- **Input**
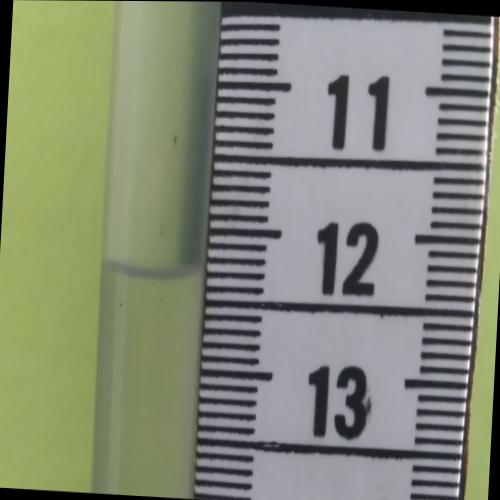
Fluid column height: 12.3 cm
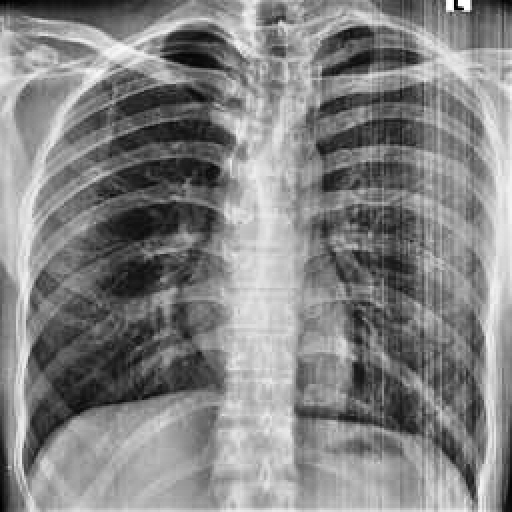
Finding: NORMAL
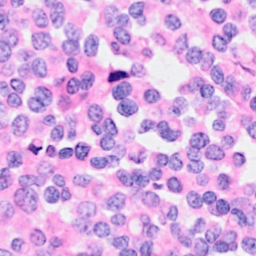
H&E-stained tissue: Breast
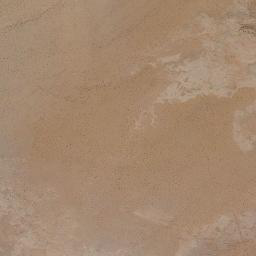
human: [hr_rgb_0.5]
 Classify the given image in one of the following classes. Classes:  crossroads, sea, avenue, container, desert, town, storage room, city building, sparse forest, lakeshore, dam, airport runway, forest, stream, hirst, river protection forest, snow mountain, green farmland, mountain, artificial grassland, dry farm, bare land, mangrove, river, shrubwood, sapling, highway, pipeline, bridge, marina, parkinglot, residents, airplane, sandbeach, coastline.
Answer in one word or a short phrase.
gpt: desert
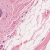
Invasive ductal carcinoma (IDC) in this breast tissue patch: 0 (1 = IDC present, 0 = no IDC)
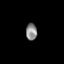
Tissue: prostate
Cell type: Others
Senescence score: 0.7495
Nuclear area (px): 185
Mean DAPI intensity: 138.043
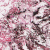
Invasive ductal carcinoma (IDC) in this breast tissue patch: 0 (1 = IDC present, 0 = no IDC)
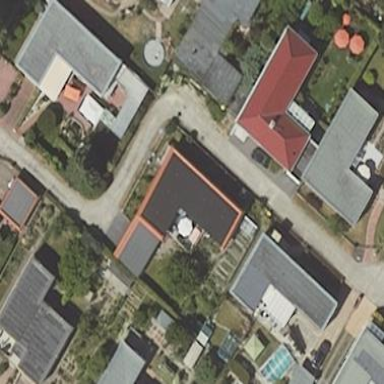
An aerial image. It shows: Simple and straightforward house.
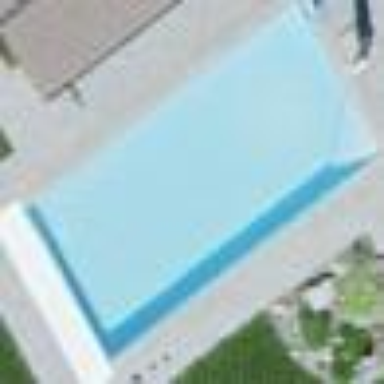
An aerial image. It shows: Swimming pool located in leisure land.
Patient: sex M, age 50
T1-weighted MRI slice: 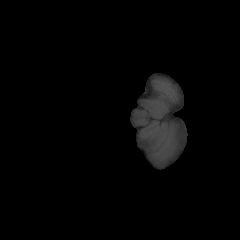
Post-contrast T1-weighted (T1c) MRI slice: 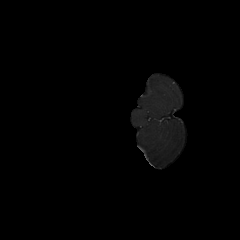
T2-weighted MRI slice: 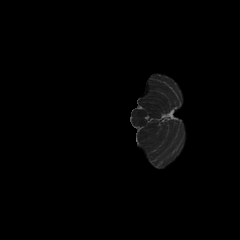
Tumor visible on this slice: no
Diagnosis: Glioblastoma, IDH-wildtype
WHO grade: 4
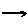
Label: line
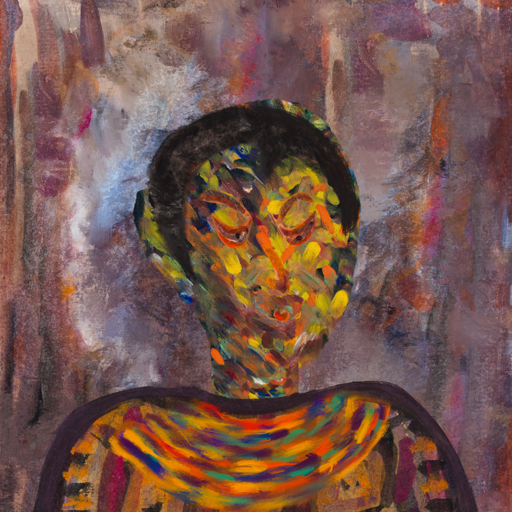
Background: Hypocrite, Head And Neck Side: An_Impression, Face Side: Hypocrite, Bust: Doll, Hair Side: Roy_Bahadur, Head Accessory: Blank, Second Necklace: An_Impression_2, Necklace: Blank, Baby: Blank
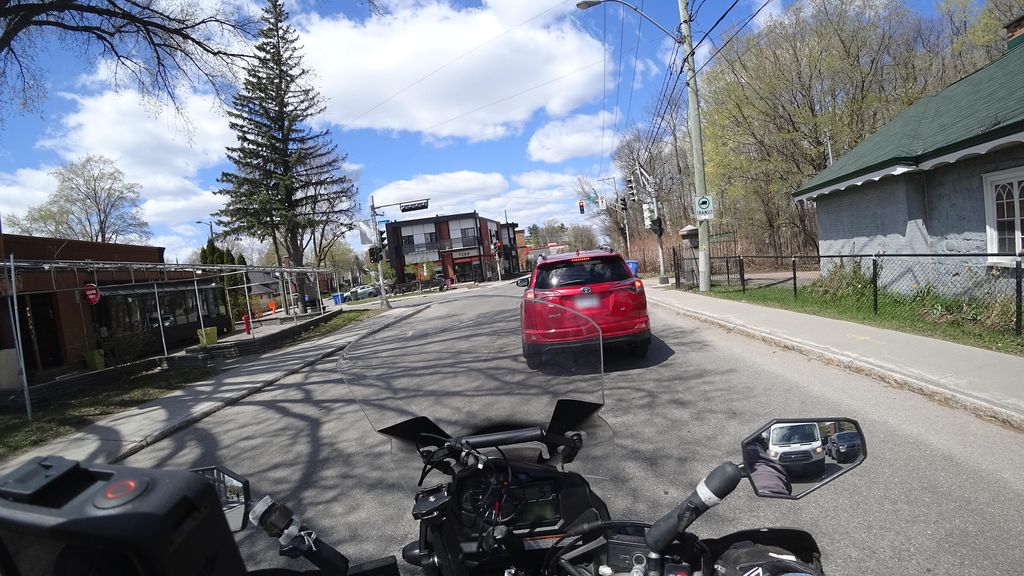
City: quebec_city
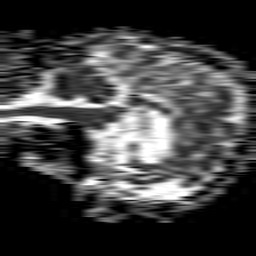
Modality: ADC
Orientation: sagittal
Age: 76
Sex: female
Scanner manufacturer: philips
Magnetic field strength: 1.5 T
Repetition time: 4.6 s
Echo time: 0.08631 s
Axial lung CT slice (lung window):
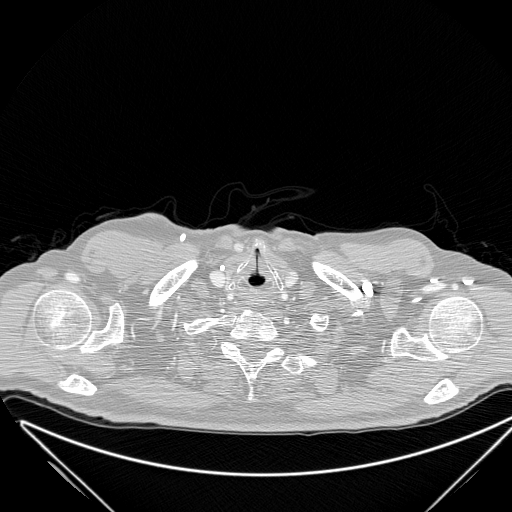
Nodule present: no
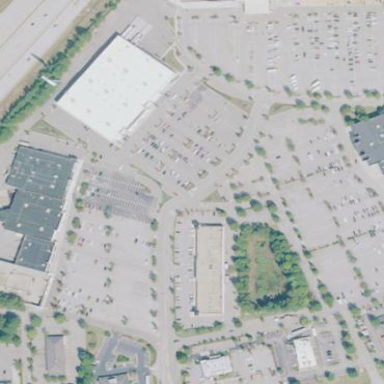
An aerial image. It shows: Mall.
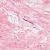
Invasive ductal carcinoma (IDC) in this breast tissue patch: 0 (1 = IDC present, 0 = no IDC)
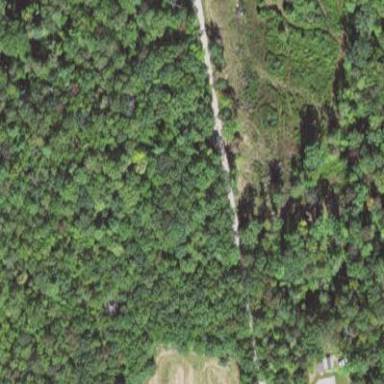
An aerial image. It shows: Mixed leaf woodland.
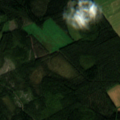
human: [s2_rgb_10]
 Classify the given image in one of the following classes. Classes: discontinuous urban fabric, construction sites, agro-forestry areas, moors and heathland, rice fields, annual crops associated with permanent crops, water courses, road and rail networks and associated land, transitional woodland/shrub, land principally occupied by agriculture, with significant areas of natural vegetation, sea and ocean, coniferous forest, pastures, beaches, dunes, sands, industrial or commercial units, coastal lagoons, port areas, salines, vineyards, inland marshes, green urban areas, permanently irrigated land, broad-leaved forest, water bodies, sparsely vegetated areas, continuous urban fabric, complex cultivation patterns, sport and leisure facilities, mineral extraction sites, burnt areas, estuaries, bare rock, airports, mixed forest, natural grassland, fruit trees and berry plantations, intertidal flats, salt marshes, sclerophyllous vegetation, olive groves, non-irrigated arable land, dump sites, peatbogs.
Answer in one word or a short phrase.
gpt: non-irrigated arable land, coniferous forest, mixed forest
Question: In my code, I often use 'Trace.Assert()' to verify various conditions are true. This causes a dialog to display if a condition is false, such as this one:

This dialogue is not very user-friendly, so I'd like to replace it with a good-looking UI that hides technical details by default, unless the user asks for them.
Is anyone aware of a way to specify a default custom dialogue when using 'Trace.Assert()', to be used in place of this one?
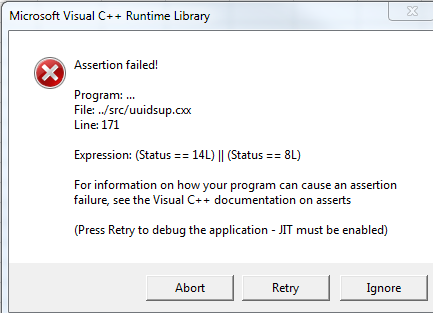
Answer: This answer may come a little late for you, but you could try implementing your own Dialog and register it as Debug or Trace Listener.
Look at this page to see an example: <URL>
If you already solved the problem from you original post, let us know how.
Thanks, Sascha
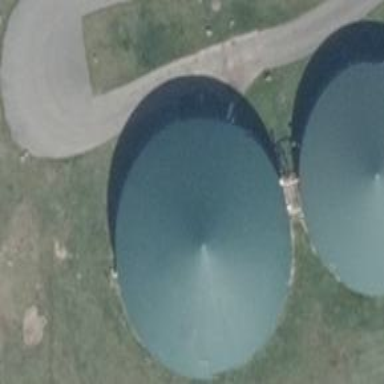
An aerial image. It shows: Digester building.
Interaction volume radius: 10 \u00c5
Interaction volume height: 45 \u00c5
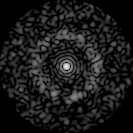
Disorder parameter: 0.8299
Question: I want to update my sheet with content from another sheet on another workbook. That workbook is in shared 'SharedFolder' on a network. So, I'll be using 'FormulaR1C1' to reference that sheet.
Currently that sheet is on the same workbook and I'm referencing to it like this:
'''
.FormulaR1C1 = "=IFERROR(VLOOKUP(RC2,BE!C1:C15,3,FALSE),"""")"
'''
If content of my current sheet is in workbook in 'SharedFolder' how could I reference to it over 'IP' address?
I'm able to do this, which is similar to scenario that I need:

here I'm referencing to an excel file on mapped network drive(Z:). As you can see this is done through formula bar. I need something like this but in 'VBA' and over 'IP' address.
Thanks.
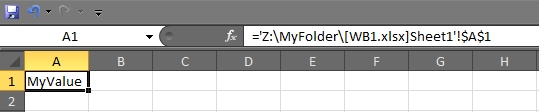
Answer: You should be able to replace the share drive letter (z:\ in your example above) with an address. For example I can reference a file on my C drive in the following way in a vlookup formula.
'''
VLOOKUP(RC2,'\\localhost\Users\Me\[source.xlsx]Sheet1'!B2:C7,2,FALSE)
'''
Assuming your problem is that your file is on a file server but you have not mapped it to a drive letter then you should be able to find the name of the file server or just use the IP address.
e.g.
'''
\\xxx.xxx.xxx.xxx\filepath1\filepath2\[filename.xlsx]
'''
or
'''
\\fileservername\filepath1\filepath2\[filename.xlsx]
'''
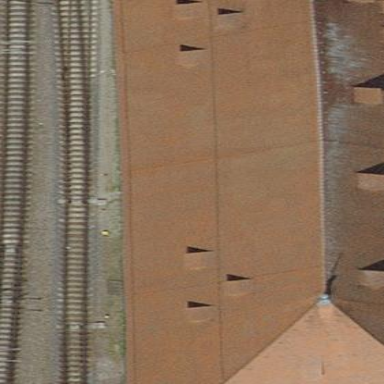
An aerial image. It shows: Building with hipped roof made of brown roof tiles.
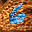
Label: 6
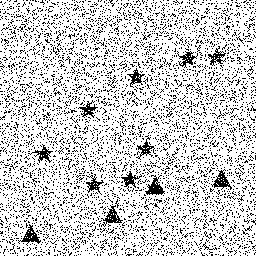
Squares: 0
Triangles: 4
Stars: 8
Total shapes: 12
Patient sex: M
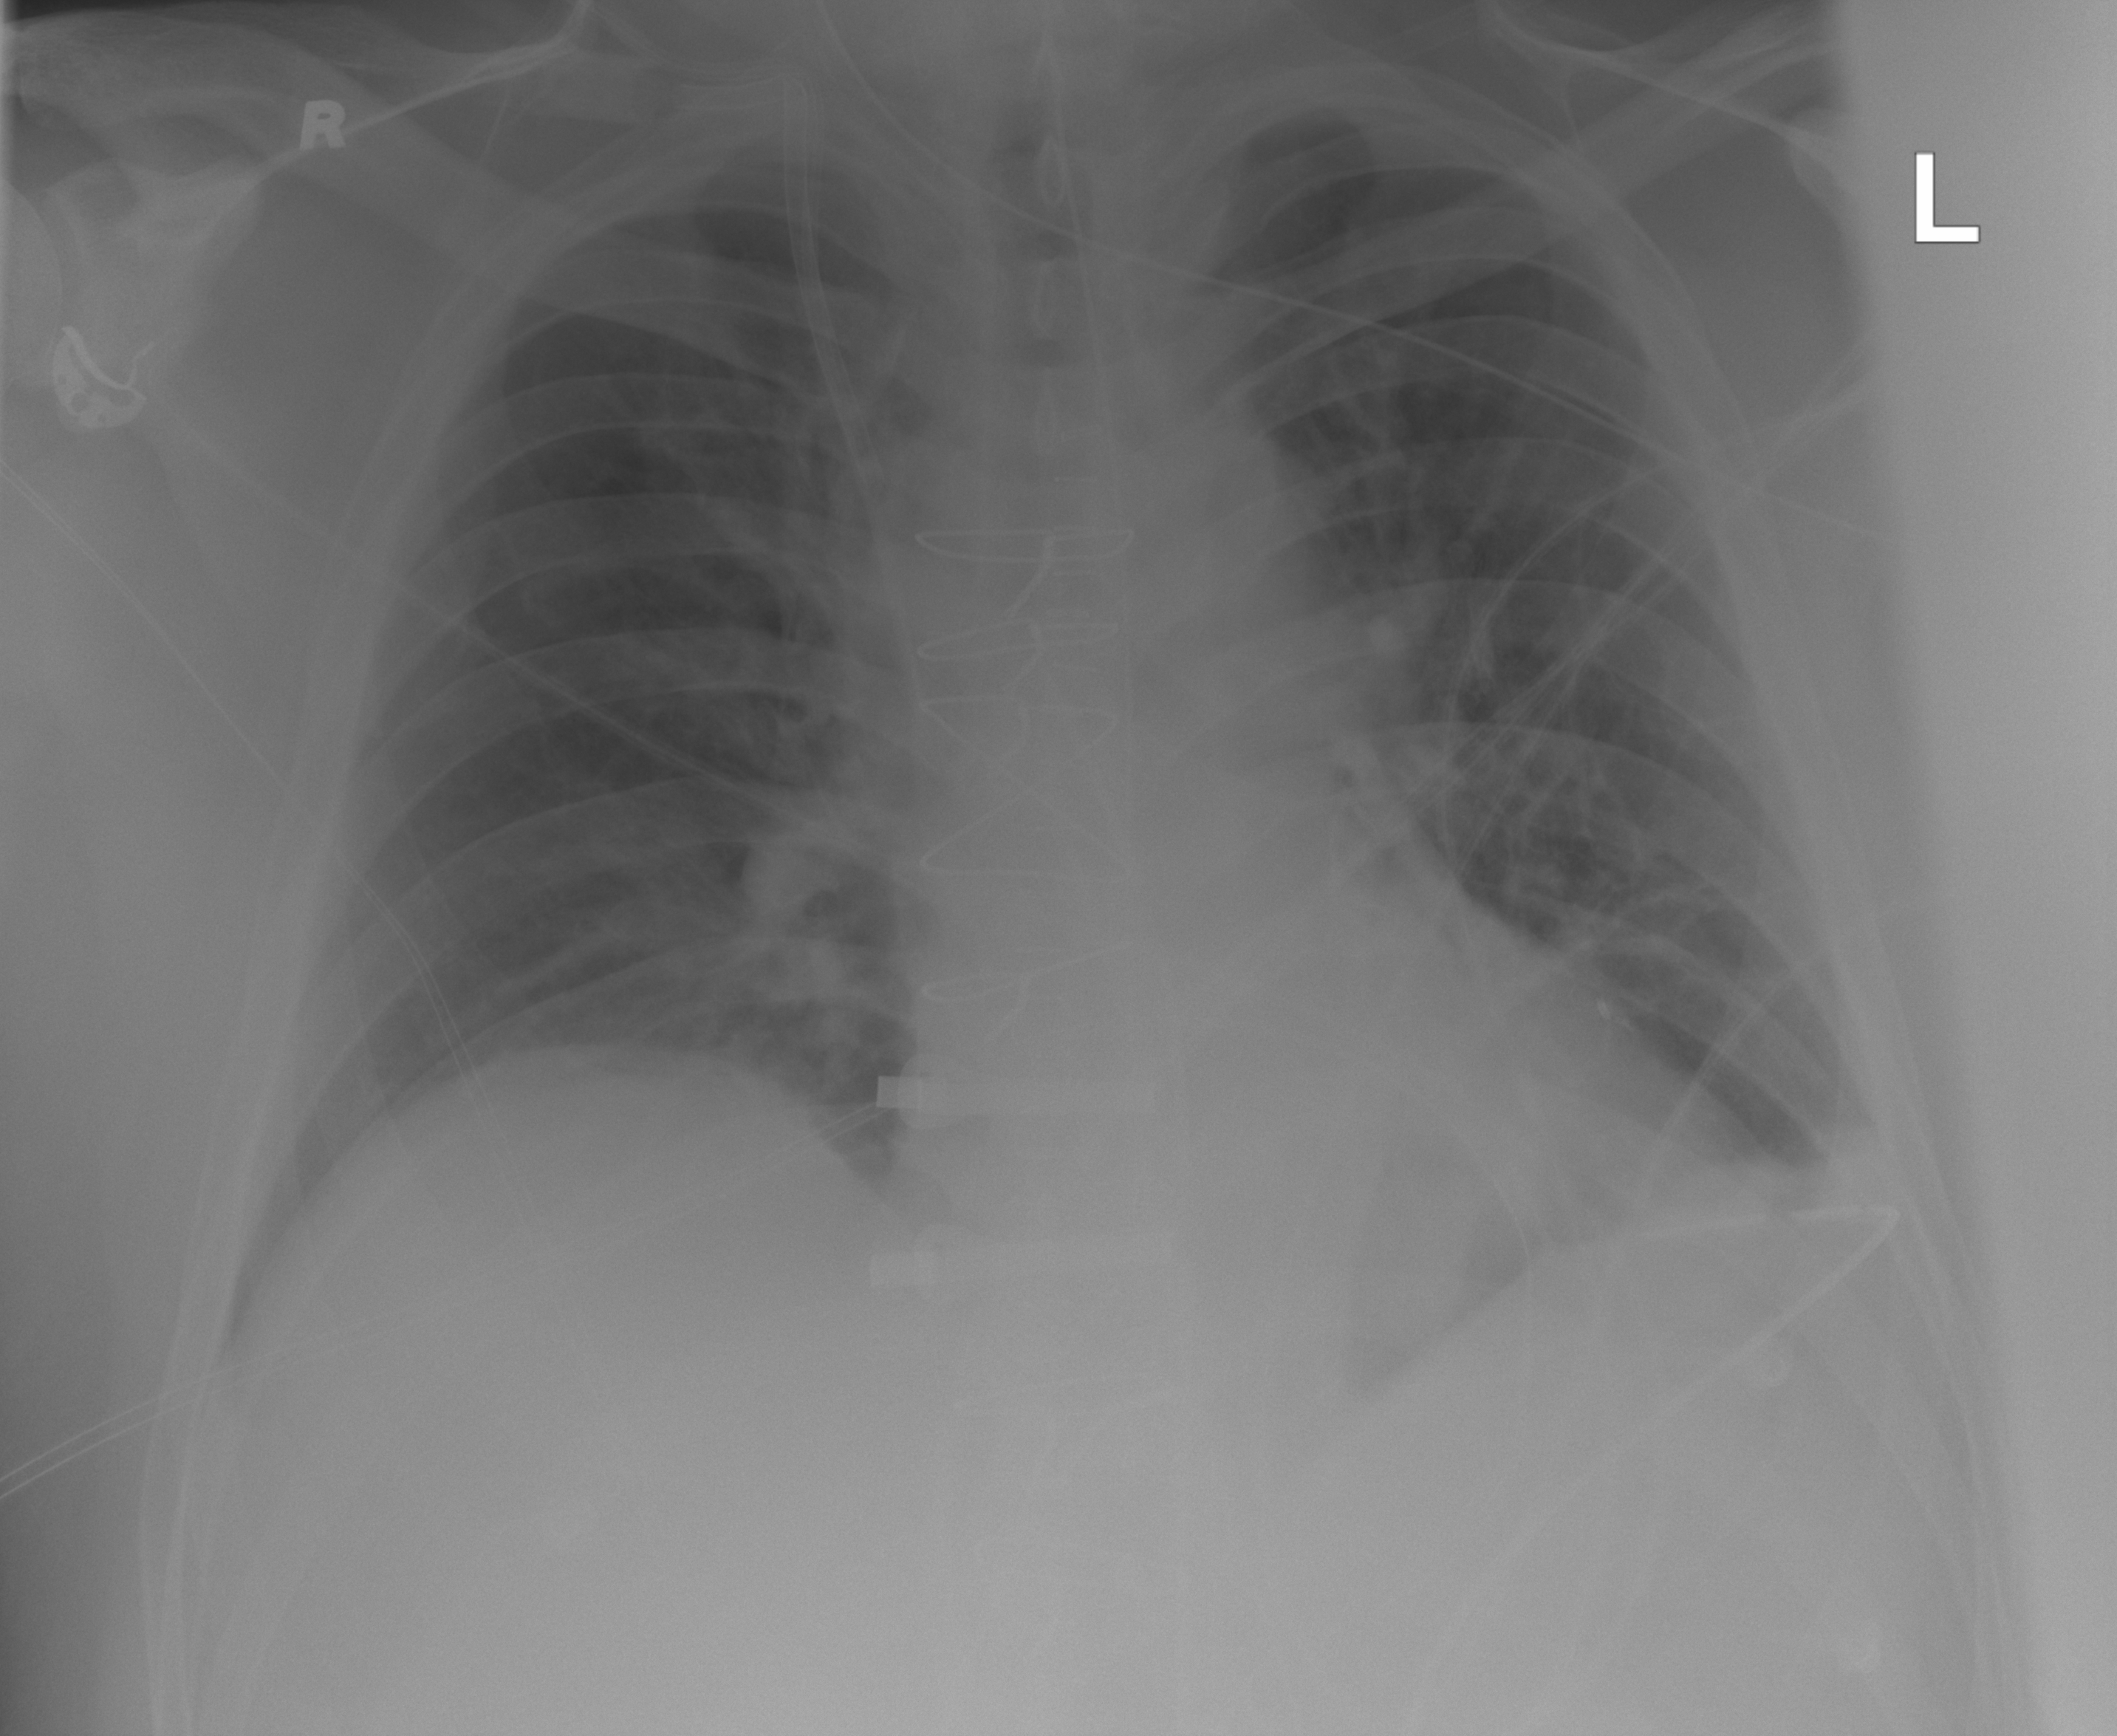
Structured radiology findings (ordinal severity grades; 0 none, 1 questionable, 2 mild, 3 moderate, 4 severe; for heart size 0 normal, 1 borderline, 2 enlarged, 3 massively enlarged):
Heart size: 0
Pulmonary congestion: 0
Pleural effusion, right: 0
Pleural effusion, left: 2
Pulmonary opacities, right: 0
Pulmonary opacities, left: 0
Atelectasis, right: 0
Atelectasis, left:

- **Exercise directions**
Set down a word-for-word copy of the records, dropping any picture.

- **Answer to this problem**
Fluid column height: 12.3 cm
Finding: NORMAL
H&E-stained tissue: Breast
human: [hr_rgb_0.5]
 Classify the given image in one of the following classes. Classes:  crossroads, sea, avenue, container, desert, town, storage room, city building, sparse forest, lakeshore, dam, airport runway, forest, stream, hirst, river protection forest, snow mountain, green farmland, mountain, artificial grassland, dry farm, bare land, mangrove, river, shrubwood, sapling, highway, pipeline, bridge, marina, parkinglot, residents, airplane, sandbeach, coastline.
Answer in one word or a short phrase.
gpt: desert
Invasive ductal carcinoma (IDC) in this breast tissue patch: 0 (1 = IDC present, 0 = no IDC)
Tissue: prostate
Cell type: Others
Senescence score: 0.7495
Nuclear area (px): 185
Mean DAPI intensity: 138.043
Invasive ductal carcinoma (IDC) in this breast tissue patch: 0 (1 = IDC present, 0 = no IDC)
An aerial image. It shows: Simple and straightforward house.
An aerial image. It shows: Swimming pool located in leisure land.
Patient: sex M, age 50
T1-weighted MRI slice: 
Post-contrast T1-weighted (T1c) MRI slice: 
T2-weighted MRI slice: 
Tumor visible on this slice: no
Diagnosis: Glioblastoma, IDH-wildtype
WHO grade: 4
Label: line
Background: Hypocrite, Head And Neck Side: An_Impression, Face Side: Hypocrite, Bust: Doll, Hair Side: Roy_Bahadur, Head Accessory: Blank, Second Necklace: An_Impression_2, Necklace: Blank, Baby: Blank
City: quebec_city
Modality: ADC
Orientation: sagittal
Age: 76
Sex: female
Scanner manufacturer: philips
Magnetic field strength: 1.5 T
Repetition time: 4.6 s
Echo time: 0.08631 s
Axial lung CT slice (lung window):
Nodule present: no
An aerial image. It shows: Mall.
Invasive ductal carcinoma (IDC) in this breast tissue patch: 0 (1 = IDC present, 0 = no IDC)
An aerial image. It shows: Mixed leaf woodland.
human: [s2_rgb_10]
 Classify the given image in one of the following classes. Classes: discontinuous urban fabric, construction sites, agro-forestry areas, moors and heathland, rice fields, annual crops associated with permanent crops, water courses, road and rail networks and associated land, transitional woodland/shrub, land principally occupied by agriculture, with significant areas of natural vegetation, sea and ocean, coniferous forest, pastures, beaches, dunes, sands, industrial or commercial units, coastal lagoons, port areas, salines, vineyards, inland marshes, green urban areas, permanently irrigated land, broad-leaved forest, water bodies, sparsely vegetated areas, continuous urban fabric, complex cultivation patterns, sport and leisure facilities, mineral extraction sites, burnt areas, estuaries, bare rock, airports, mixed forest, natural grassland, fruit trees and berry plantations, intertidal flats, salt marshes, sclerophyllous vegetation, olive groves, non-irrigated arable land, dump sites, peatbogs.
Answer in one word or a short phrase.
gpt: non-irrigated arable land, coniferous forest, mixed forest
Question: In my code, I often use 'Trace.Assert()' to verify various conditions are true. This causes a dialog to display if a condition is false, such as this one:

This dialogue is not very user-friendly, so I'd like to replace it with a good-looking UI that hides technical details by default, unless the user asks for them.
Is anyone aware of a way to specify a default custom dialogue when using 'Trace.Assert()', to be used in place of this one?
Answer: This answer may come a little late for you, but you could try implementing your own Dialog and register it as Debug or Trace Listener.
Look at this page to see an example: <URL>
If you already solved the problem from you original post, let us know how.
Thanks, Sascha
An aerial image. It shows: Digester building.
Interaction volume radius: 10 \u00c5
Interaction volume height: 45 \u00c5
Disorder parameter: 0.8299
Question: I want to update my sheet with content from another sheet on another workbook. That workbook is in shared 'SharedFolder' on a network. So, I'll be using 'FormulaR1C1' to reference that sheet.
Currently that sheet is on the same workbook and I'm referencing to it like this:
'''
.FormulaR1C1 = "=IFERROR(VLOOKUP(RC2,BE!C1:C15,3,FALSE),"""")"
'''
If content of my current sheet is in workbook in 'SharedFolder' how could I reference to it over 'IP' address?
I'm able to do this, which is similar to scenario that I need:

here I'm referencing to an excel file on mapped network drive(Z:). As you can see this is done through formula bar. I need something like this but in 'VBA' and over 'IP' address.
Thanks.
Answer: You should be able to replace the share drive letter (z:\ in your example above) with an address. For example I can reference a file on my C drive in the following way in a vlookup formula.
'''
VLOOKUP(RC2,'\\localhost\Users\Me\[source.xlsx]Sheet1'!B2:C7,2,FALSE)
'''
Assuming your problem is that your file is on a file server but you have not mapped it to a drive letter then you should be able to find the name of the file server or just use the IP address.
e.g.
'''
\\xxx.xxx.xxx.xxx\filepath1\filepath2\[filename.xlsx]
'''
or
'''
\\fileservername\filepath1\filepath2\[filename.xlsx]
'''
An aerial image. It shows: Building with hipped roof made of brown roof tiles.
Label: 6
Squares: 0
Triangles: 4
Stars: 8
Total shapes: 12
Patient sex: M
Structured radiology findings (ordinal severity grades; 0 none, 1 questionable, 2 mild, 3 moderate, 4 severe; for heart size 0 normal, 1 borderline, 2 enlarged, 3 massively enlarged):
Heart size: 0
Pulmonary congestion: 0
Pleural effusion, right: 0
Pleural effusion, left: 2
Pulmonary opacities, right: 0
Pulmonary opacities, left: 0
Atelectasis, right: 0
Atelectasis, left:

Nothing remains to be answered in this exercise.